While anxieties about the roles of humans in easily automated processes have been festering for some time, the startling boom in artificial intelligence’s ability and accuracy must compel us to recognize that even scientists are not exempt from replacement. Although computers have been able to surpass humans in storage capacity and speed for many years, human ingenuity has never been fully replicated. In the realm of research, computing increases efficiency by providing the brute force behind complex calculations, database extractions, and statistical predictions, among other things, while human investigators provide experimental direction and theory. What is it that makes humans especially equipped for this purpose? Is it feasible that computers could eventually replicate this skill set, too?
The secret of human knowledge and intuition lies in the architecture of the mind. While most computers have emulated abstract functionalities of the brain, such as its capacity for memory and calculation, computers are not equipped with the ability to learn in the way that humans do. However, in recent years, researchers have become increasingly successful in the construction of artificial neural networks – systems designed with the intricate workings of biological neural networks in mind. As computational power grows and research progresses, neural networks continue to become more relevant.
According to Fortune magazine, as little as five years ago, Google was developing “two deep-learning projects;” today, it houses “more than 1,000.” These neural networks have begun to match and surpass human ability in some arenas, such as in the notoriously difficult board game Go. The current world champion of Go is no longer human, but instead AlphaGo Zero, the machine brainchild of DeepMind technologies. It is not unreasonable to expect that artificial intelligence could be applied to other problems as well, especially those in the natural sciences, whose rules and parameters are inspired by the universe itself. As with Go, chemistry-centered artificial intelligence could potentially lead to entirely new spaces of chemical thought not yet explored by humans.
In fact, structural determination problems, often described as ‘puzzles,’ remain an essential component of almost every chemical research endeavor, and thus a potential target for computational improvement. In order to claim that a molecule holds significance, researchers must verify that they have indeed identified the correct molecule, and a variety of technologies, like nuclear magnetic resonance, can be applied to yield unique, analyzable spectral patterns for unknown structures. Structural determination problems can consume a considerable amount of valuable time, and while some spectral prediction and analysis technology exists, it generally has not been robust enough to replace human analysis.

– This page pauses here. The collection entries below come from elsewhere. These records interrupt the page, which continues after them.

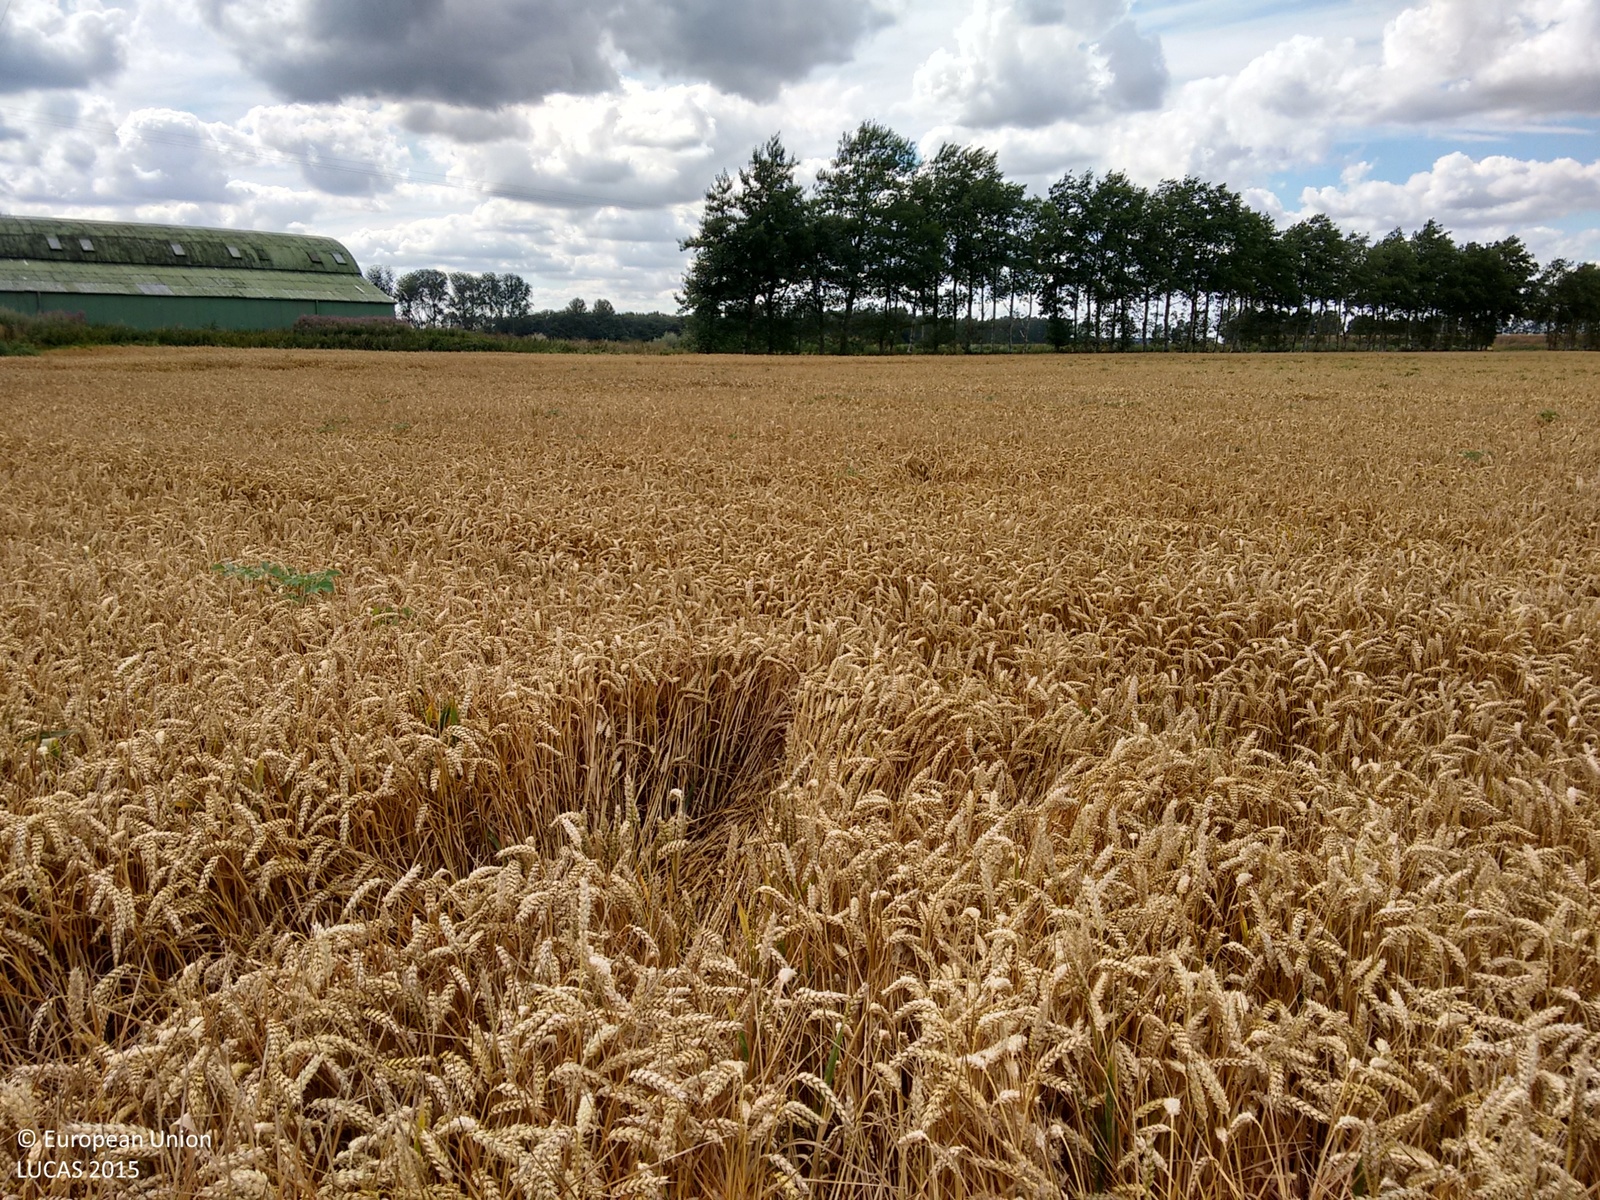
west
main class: Cropland
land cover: Common wheat
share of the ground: > 75 %
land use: Agriculture (excluding fallow land and kitchen gardens)
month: August
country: GB
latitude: 52.4802
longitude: 0.4454
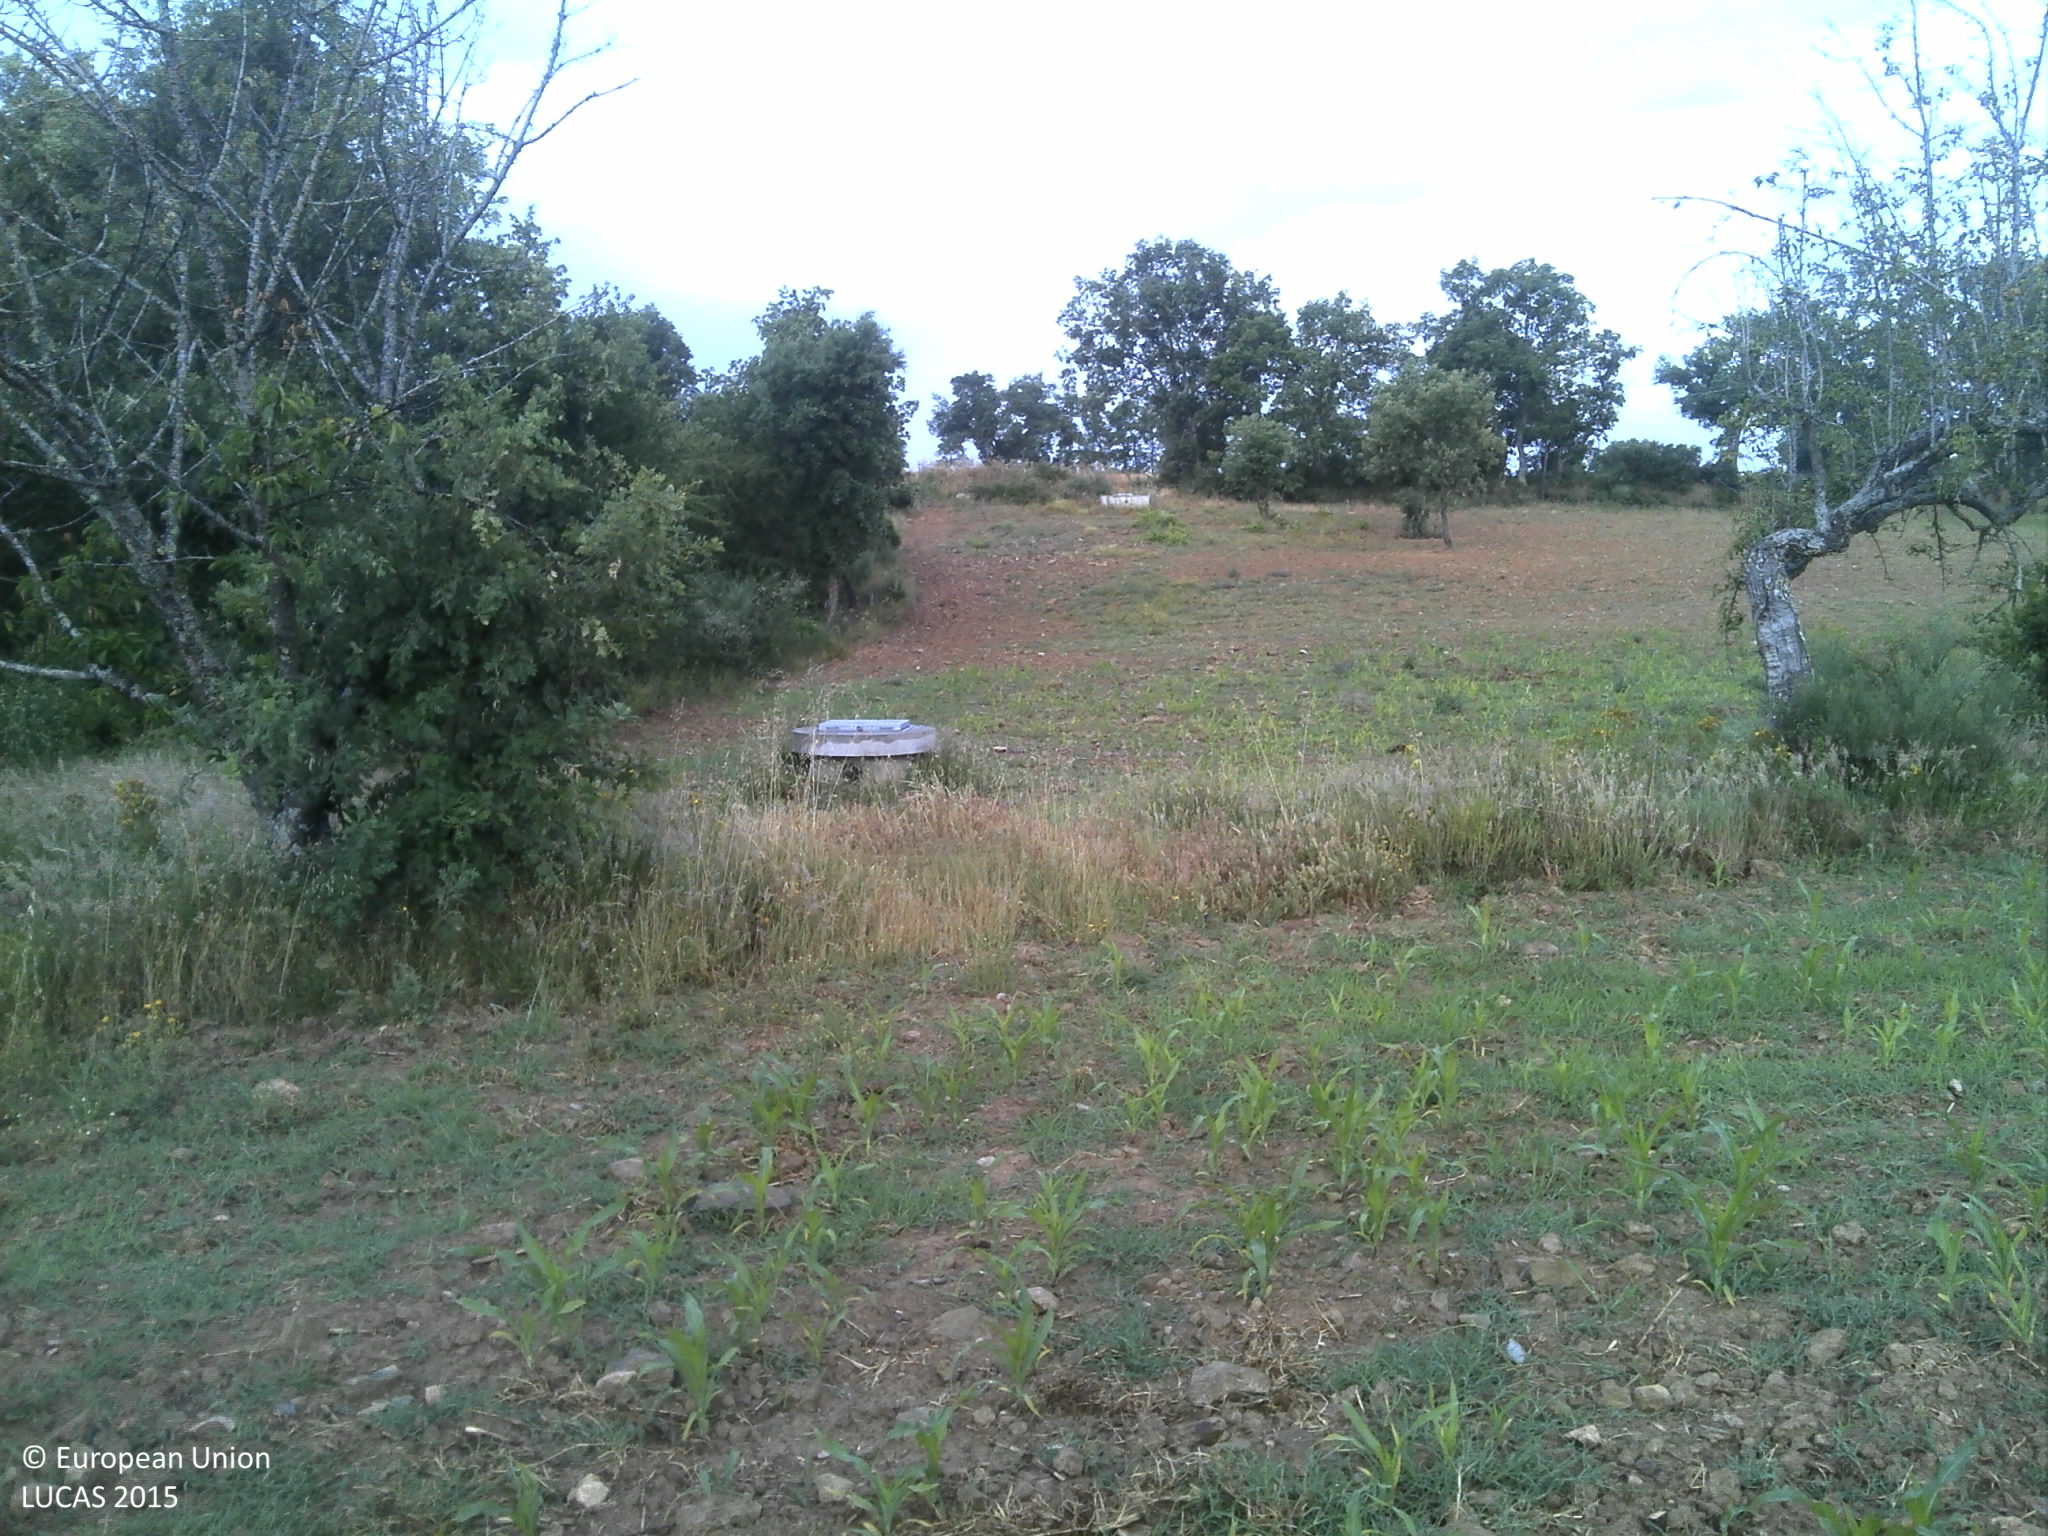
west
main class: Cropland
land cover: Maize
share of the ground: 10 - 25 %
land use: Agriculture (excluding fallow land and kitchen gardens)
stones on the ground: 10 - 25 %
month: June
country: PT
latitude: 40.1927
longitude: -7.4058

However, researchers at the University of California San Diego have developed a much more reliable “Small Molecule Accurate Recognition Technology,” nicknamed SMART, to “[streamline] the discovery pipeline for new natural products.” Unlike other technologies, SMART can factor in effects like those of solvent, compound structure, and functional group interplay on a wide variety of compound structures, allowing it to classify unique, specific groups of molecules given characteristic spectral data. How do SMART’s capabilities rise so far beyond those of other networks? It utilizes a deep-learning neural network which, like our own neural ensembles, can learn and parameterize associations in an unspecified way specific to each piece of information. SMART has the potential to increase the efficiency and accuracy of a vast array of chemical inquiries, spanning fields from drug discovery to chemical ecology. This technology was trained on a thorough subset of natural products, such as medicinally active extractions from rhizomes and marine starfish. SMART was eventually able to differentiate novel compounds, including significant natural products such as terpenoids, which are important in the production of diverse biological compounds ranging from steroids to some proteins.
As with Go, chemistry-centered artificial intelligence could potentially lead to entirely new spaces of chemical thought not yet explored by humans.
If machine learning techniques can solve complex problems involved in exploring research questions, can they begin to master those driving the questions themselves– i.e., can they play the role of a researcher? (Human) researchers at Harvard University recently developed a neural network-based “system which, given a set of reagents and reactants, predicts the likely products,” a typical task of chemical experts. This machine learning approach has achieved an accuracy of 80 percent on common textbook problems and has an advantage over previous models in its “flexibility,” allowing it “to learn the probabilities of a range of reaction types.” Like SMART, similar machine-based approaches have the potential to enhance the efficiency and innovation of many chemical labs. However, what happens when, like AlphaGo, they begin to surpass the abilities of experts? Although this model is far from achieving expert ability, the overwhelming speed of the recent boom in deep learning suggests that such a level may not be far off.
Paralleling its current state in other spheres, artificial intelligence is both exciting and ominous for chemical scientists. As mentioned, neural network systems already have the ability to greatly simplify and expand the process of compound and reaction discovery; their capacity to do this, of course, should be expected to increase with time. As artificial intelligence technologies continue to progress, we must increase the dialogue about how we want change to happen before it happens to us.